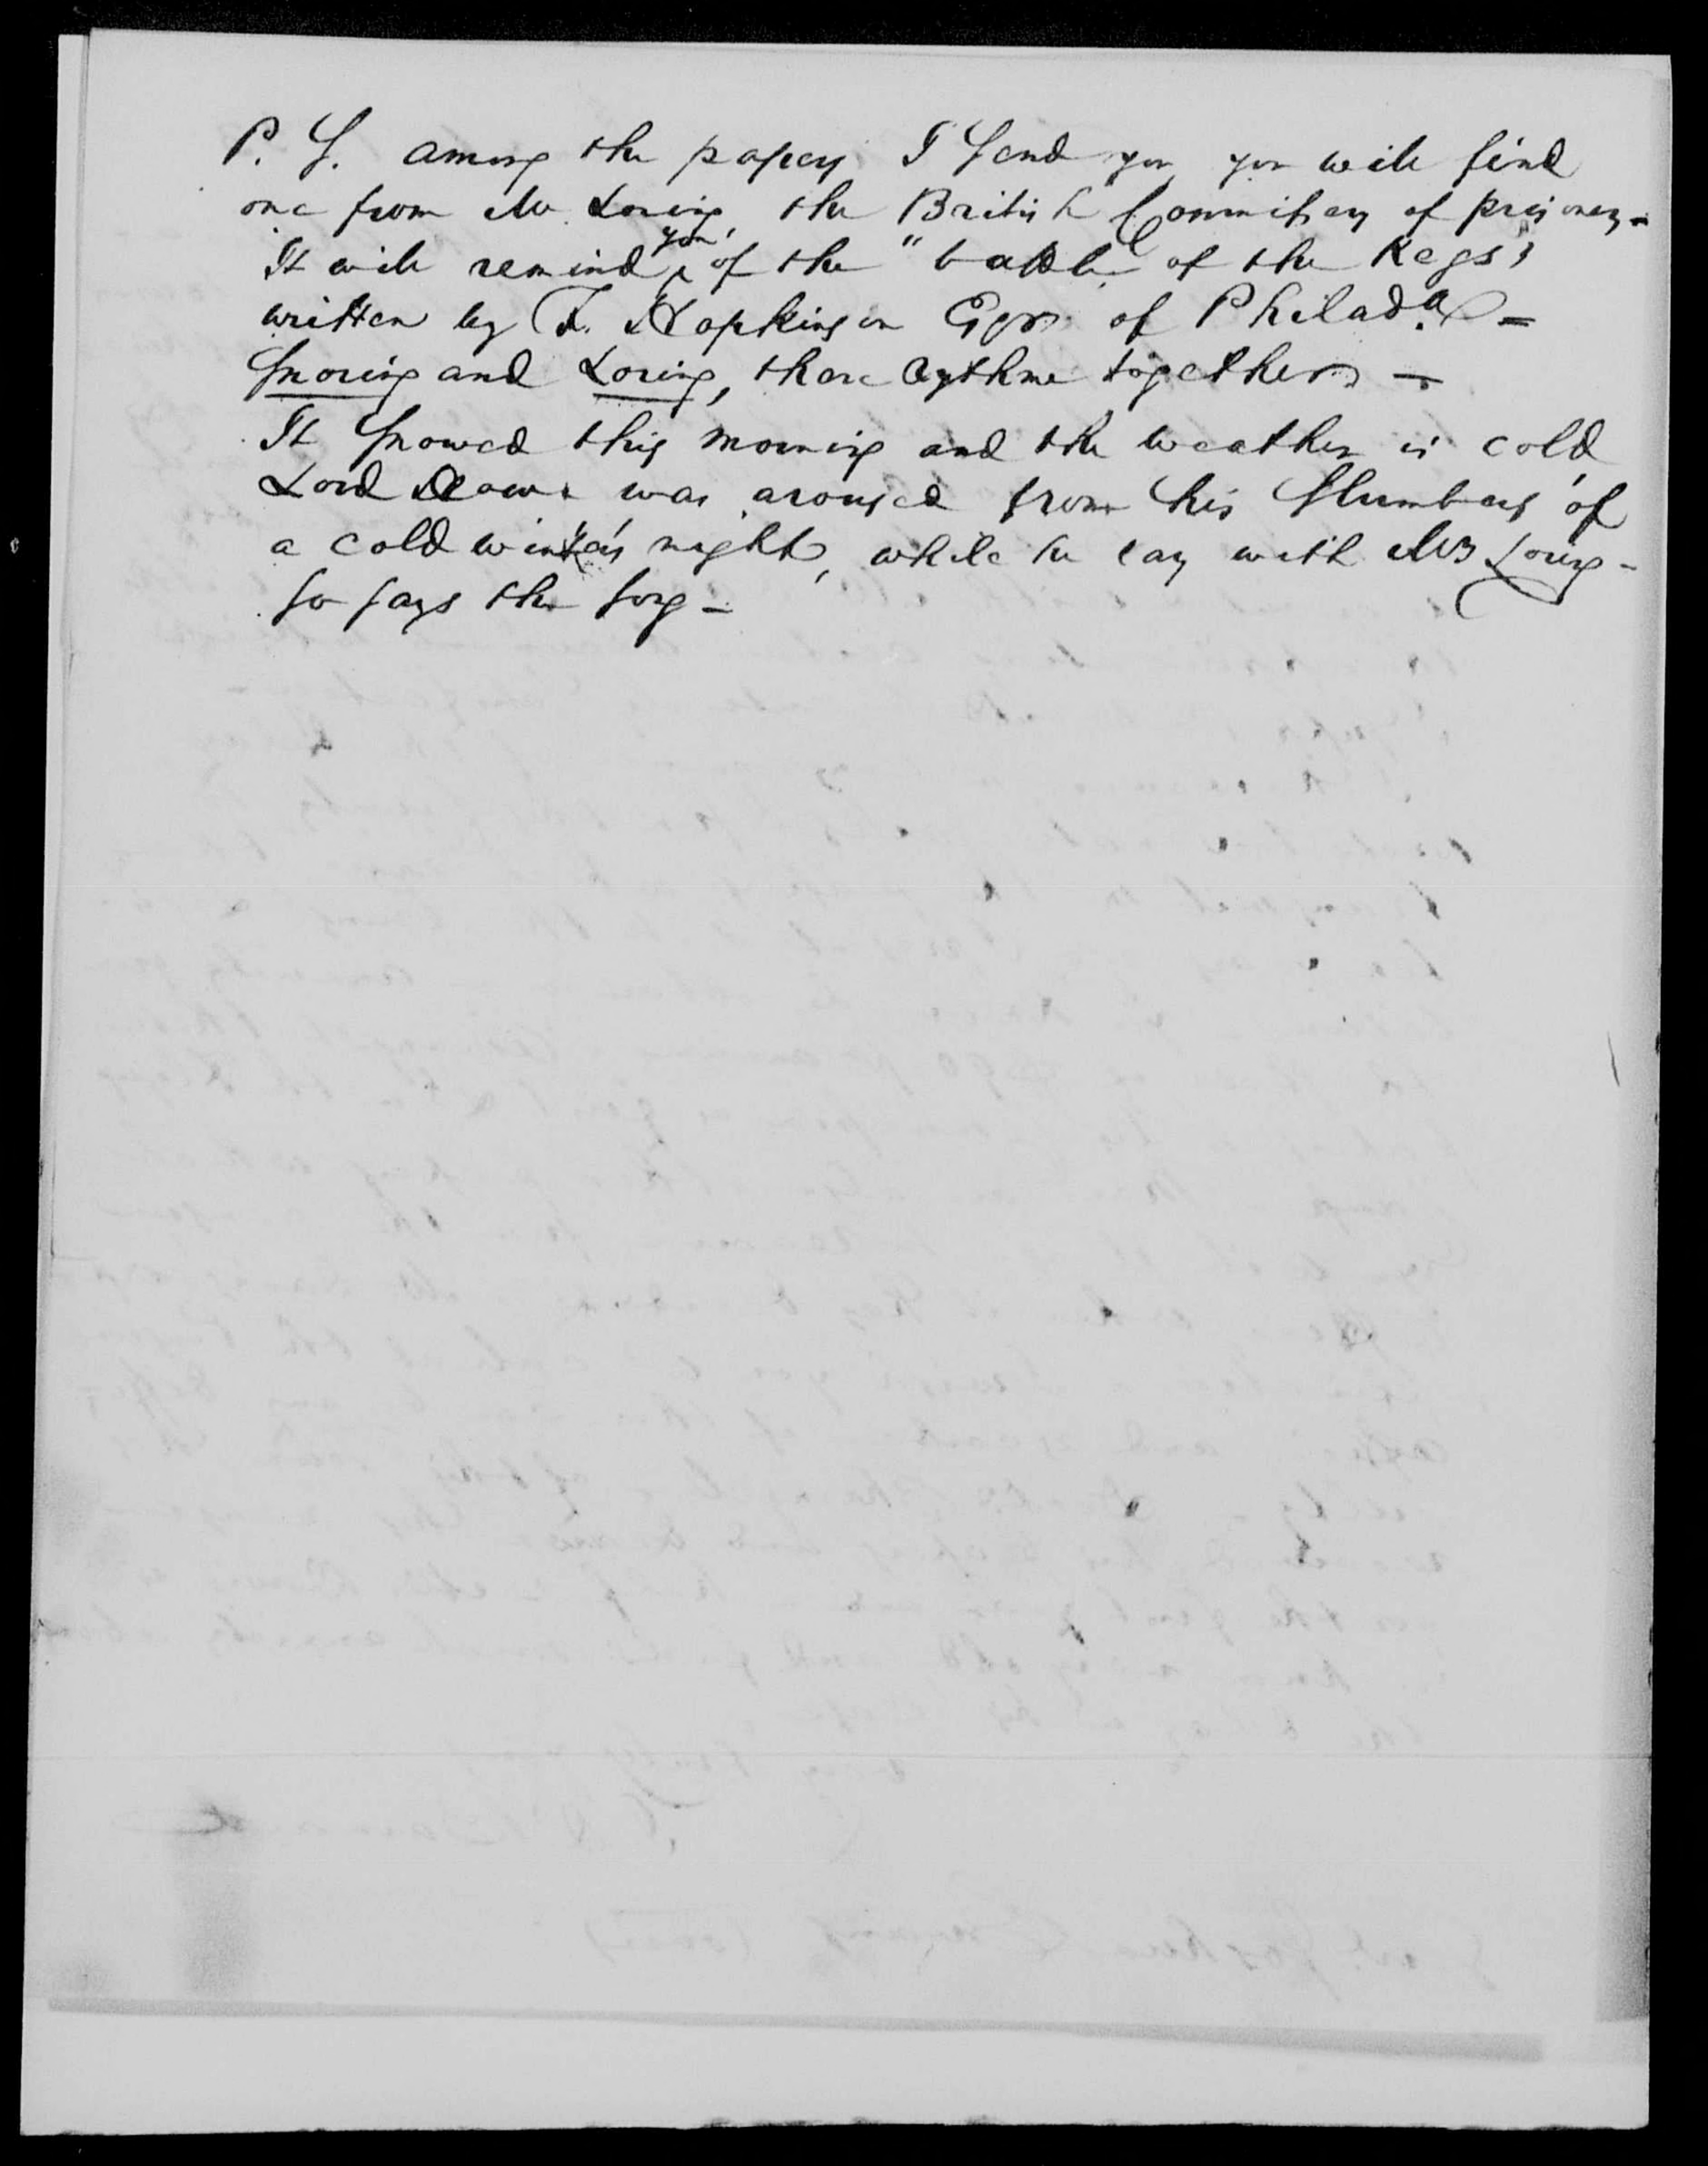P.S. Among the papers I send you, you will find
one from Mr. Loring, the British Commissary of prisoners
It will remind you of the "Battle of the kegs"
written by F Hopkinson Eqr. of Philada. [Philadelphia]
Snoring and Loring, there [illegible] together
It Snowed this morning and the weather is cold
Lord Howe was aroused from his slumbers
of a cold winters night, while the day with his Loring so says the song.

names: Loring, F Hopkinson, Loring, Loring
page: 46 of 57
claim: survivor's
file: S. 2161, Hezekiah Davies, Penn
+ + + + + + +
**WORK TASK:**
Look through the entries. Copy out each line with "cold" in it.

**SOLVED PROBLEM:**
It Snowed this morning and the weather is cold
of a cold winters night, while the day with his Loring so says the song.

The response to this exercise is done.